══ RECORDS SHOWN ══

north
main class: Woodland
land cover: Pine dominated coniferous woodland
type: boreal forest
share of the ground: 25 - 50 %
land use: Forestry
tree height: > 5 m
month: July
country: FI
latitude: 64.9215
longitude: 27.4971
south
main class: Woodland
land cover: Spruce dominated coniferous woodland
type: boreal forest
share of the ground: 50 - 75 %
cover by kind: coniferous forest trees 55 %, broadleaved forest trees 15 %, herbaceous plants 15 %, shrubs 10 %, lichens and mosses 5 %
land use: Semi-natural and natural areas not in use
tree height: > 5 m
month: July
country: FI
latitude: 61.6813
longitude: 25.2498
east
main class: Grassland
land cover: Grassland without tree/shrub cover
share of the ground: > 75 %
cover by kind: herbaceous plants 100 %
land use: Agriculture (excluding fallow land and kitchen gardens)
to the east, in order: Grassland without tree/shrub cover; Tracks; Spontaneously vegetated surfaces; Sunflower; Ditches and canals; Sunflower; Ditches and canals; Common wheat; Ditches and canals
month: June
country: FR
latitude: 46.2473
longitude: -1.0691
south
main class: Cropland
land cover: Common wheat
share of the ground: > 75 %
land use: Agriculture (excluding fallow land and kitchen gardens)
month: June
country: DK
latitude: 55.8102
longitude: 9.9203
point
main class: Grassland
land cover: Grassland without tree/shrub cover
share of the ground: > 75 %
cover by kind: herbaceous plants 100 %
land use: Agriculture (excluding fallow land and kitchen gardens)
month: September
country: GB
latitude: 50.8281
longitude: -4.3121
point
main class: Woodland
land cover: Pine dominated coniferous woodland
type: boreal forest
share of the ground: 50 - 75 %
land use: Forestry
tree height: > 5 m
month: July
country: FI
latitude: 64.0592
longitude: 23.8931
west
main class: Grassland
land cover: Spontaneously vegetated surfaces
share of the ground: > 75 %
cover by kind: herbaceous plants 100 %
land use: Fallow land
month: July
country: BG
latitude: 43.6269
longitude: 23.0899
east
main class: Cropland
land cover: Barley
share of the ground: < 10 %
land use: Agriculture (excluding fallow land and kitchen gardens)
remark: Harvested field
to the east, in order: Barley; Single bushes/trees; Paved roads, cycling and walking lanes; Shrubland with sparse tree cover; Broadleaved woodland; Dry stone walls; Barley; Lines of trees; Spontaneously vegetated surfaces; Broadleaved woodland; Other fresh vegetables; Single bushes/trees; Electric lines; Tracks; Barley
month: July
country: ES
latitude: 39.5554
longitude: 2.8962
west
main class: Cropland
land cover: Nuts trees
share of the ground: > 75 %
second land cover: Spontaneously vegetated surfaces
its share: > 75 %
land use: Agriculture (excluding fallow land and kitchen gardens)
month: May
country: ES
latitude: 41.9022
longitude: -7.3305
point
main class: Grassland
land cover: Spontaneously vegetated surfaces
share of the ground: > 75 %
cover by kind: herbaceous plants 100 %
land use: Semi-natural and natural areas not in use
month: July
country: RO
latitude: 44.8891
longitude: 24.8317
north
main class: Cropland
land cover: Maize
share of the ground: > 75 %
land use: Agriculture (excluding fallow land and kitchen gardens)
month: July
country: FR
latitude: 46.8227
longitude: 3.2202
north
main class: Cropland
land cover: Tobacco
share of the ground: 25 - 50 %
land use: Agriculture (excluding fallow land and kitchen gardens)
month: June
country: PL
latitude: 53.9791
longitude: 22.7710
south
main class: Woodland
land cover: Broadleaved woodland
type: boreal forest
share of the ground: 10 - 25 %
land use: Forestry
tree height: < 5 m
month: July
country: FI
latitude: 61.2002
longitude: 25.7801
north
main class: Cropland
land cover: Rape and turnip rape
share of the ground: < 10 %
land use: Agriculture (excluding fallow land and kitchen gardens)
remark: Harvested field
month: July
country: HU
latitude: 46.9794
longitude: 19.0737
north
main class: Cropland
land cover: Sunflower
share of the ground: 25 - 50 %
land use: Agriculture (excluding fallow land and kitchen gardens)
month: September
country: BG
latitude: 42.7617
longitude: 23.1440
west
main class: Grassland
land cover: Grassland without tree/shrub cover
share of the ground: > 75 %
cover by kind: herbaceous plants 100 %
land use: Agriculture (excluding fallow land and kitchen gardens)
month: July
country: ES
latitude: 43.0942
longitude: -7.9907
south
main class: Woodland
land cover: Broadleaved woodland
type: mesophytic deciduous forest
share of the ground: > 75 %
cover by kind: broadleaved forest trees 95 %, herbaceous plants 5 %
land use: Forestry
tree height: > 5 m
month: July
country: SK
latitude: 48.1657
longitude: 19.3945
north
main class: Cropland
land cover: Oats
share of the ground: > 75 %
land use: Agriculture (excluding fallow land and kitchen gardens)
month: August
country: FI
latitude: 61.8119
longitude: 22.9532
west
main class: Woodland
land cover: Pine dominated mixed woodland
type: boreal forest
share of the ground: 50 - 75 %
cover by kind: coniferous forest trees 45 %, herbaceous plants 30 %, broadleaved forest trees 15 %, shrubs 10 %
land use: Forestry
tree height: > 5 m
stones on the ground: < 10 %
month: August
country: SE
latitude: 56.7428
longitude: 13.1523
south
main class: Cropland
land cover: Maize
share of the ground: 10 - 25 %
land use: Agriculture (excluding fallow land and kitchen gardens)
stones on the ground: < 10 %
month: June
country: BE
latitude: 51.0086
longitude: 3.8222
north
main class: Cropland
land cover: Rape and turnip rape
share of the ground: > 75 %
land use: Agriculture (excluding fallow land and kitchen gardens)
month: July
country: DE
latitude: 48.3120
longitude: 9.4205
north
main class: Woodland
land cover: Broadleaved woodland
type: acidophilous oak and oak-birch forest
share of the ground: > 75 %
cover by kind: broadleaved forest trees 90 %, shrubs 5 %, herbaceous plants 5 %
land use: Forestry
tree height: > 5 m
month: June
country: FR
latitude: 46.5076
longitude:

═══

» **EXERCISE DESCRIPTION**: The response should consist of all the entries, copied without any alteration.

» **REPLY**:
north
main class: Woodland
land cover: Pine dominated coniferous woodland
type: boreal forest
share of the ground: 25 - 50 %
land use: Forestry
tree height: > 5 m
month: July
country: FI
latitude: 64.9215
longitude: 27.4971
south
main class: Woodland
land cover: Spruce dominated coniferous woodland
type: boreal forest
share of the ground: 50 - 75 %
cover by kind: coniferous forest trees 55 %, broadleaved forest trees 15 %, herbaceous plants 15 %, shrubs 10 %, lichens and mosses 5 %
land use: Semi-natural and natural areas not in use
tree height: > 5 m
month: July
country: FI
latitude: 61.6813
longitude: 25.2498
east
main class: Grassland
land cover: Grassland without tree/shrub cover
share of the ground: > 75 %
cover by kind: herbaceous plants 100 %
land use: Agriculture (excluding fallow land and kitchen gardens)
to the east, in order: Grassland without tree/shrub cover; Tracks; Spontaneously vegetated surfaces; Sunflower; Ditches and canals; Sunflower; Ditches and canals; Common wheat; Ditches and canals
month: June
country: FR
latitude: 46.2473
longitude: -1.0691
south
main class: Cropland
land cover: Common wheat
share of the ground: > 75 %
land use: Agriculture (excluding fallow land and kitchen gardens)
month: June
country: DK
latitude: 55.8102
longitude: 9.9203
point
main class: Grassland
land cover: Grassland without tree/shrub cover
share of the ground: > 75 %
cover by kind: herbaceous plants 100 %
land use: Agriculture (excluding fallow land and kitchen gardens)
month: September
country: GB
latitude: 50.8281
longitude: -4.3121
point
main class: Woodland
land cover: Pine dominated coniferous woodland
type: boreal forest
share of the ground: 50 - 75 %
land use: Forestry
tree height: > 5 m
month: July
country: FI
latitude: 64.0592
longitude: 23.8931
west
main class: Grassland
land cover: Spontaneously vegetated surfaces
share of the ground: > 75 %
cover by kind: herbaceous plants 100 %
land use: Fallow land
month: July
country: BG
latitude: 43.6269
longitude: 23.0899
east
main class: Cropland
land cover: Barley
share of the ground: < 10 %
land use: Agriculture (excluding fallow land and kitchen gardens)
remark: Harvested field
to the east, in order: Barley; Single bushes/trees; Paved roads, cycling and walking lanes; Shrubland with sparse tree cover; Broadleaved woodland; Dry stone walls; Barley; Lines of trees; Spontaneously vegetated surfaces; Broadleaved woodland; Other fresh vegetables; Single bushes/trees; Electric lines; Tracks; Barley
month: July
country: ES
latitude: 39.5554
longitude: 2.8962
west
main class: Cropland
land cover: Nuts trees
share of the ground: > 75 %
second land cover: Spontaneously vegetated surfaces
its share: > 75 %
land use: Agriculture (excluding fallow land and kitchen gardens)
month: May
country: ES
latitude: 41.9022
longitude: -7.3305
point
main class: Grassland
land cover: Spontaneously vegetated surfaces
share of the ground: > 75 %
cover by kind: herbaceous plants 100 %
land use: Semi-natural and natural areas not in use
month: July
country: RO
latitude: 44.8891
longitude: 24.8317
north
main class: Cropland
land cover: Maize
share of the ground: > 75 %
land use: Agriculture (excluding fallow land and kitchen gardens)
month: July
country: FR
latitude: 46.8227
longitude: 3.2202
north
main class: Cropland
land cover: Tobacco
share of the ground: 25 - 50 %
land use: Agriculture (excluding fallow land and kitchen gardens)
month: June
country: PL
latitude: 53.9791
longitude: 22.7710
south
main class: Woodland
land cover: Broadleaved woodland
type: boreal forest
share of the ground: 10 - 25 %
land use: Forestry
tree height: < 5 m
month: July
country: FI
latitude: 61.2002
longitude: 25.7801
north
main class: Cropland
land cover: Rape and turnip rape
share of the ground: < 10 %
land use: Agriculture (excluding fallow land and kitchen gardens)
remark: Harvested field
month: July
country: HU
latitude: 46.9794
longitude: 19.0737
north
main class: Cropland
land cover: Sunflower
share of the ground: 25 - 50 %
land use: Agriculture (excluding fallow land and kitchen gardens)
month: September
country: BG
latitude: 42.7617
longitude: 23.1440
west
main class: Grassland
land cover: Grassland without tree/shrub cover
share of the ground: > 75 %
cover by kind: herbaceous plants 100 %
land use: Agriculture (excluding fallow land and kitchen gardens)
month: July
country: ES
latitude: 43.0942
longitude: -7.9907
south
main class: Woodland
land cover: Broadleaved woodland
type: mesophytic deciduous forest
share of the ground: > 75 %
cover by kind: broadleaved forest trees 95 %, herbaceous plants 5 %
land use: Forestry
tree height: > 5 m
month: July
country: SK
latitude: 48.1657
longitude: 19.3945
north
main class: Cropland
land cover: Oats
share of the ground: > 75 %
land use: Agriculture (excluding fallow land and kitchen gardens)
month: August
country: FI
latitude: 61.8119
longitude: 22.9532
west
main class: Woodland
land cover: Pine dominated mixed woodland
type: boreal forest
share of the ground: 50 - 75 %
cover by kind: coniferous forest trees 45 %, herbaceous plants 30 %, broadleaved forest trees 15 %, shrubs 10 %
land use: Forestry
tree height: > 5 m
stones on the ground: < 10 %
month: August
country: SE
latitude: 56.7428
longitude: 13.1523
south
main class: Cropland
land cover: Maize
share of the ground: 10 - 25 %
land use: Agriculture (excluding fallow land and kitchen gardens)
stones on the ground: < 10 %
month: June
country: BE
latitude: 51.0086
longitude: 3.8222
north
main class: Cropland
land cover: Rape and turnip rape
share of the ground: > 75 %
land use: Agriculture (excluding fallow land and kitchen gardens)
month: July
country: DE
latitude: 48.3120
longitude: 9.4205
north
main class: Woodland
land cover: Broadleaved woodland
type: acidophilous oak and oak-birch forest
share of the ground: > 75 %
cover by kind: broadleaved forest trees 90 %, shrubs 5 %, herbaceous plants 5 %
land use: Forestry
tree height: > 5 m
month: June
country: FR
latitude: 46.5076
longitude:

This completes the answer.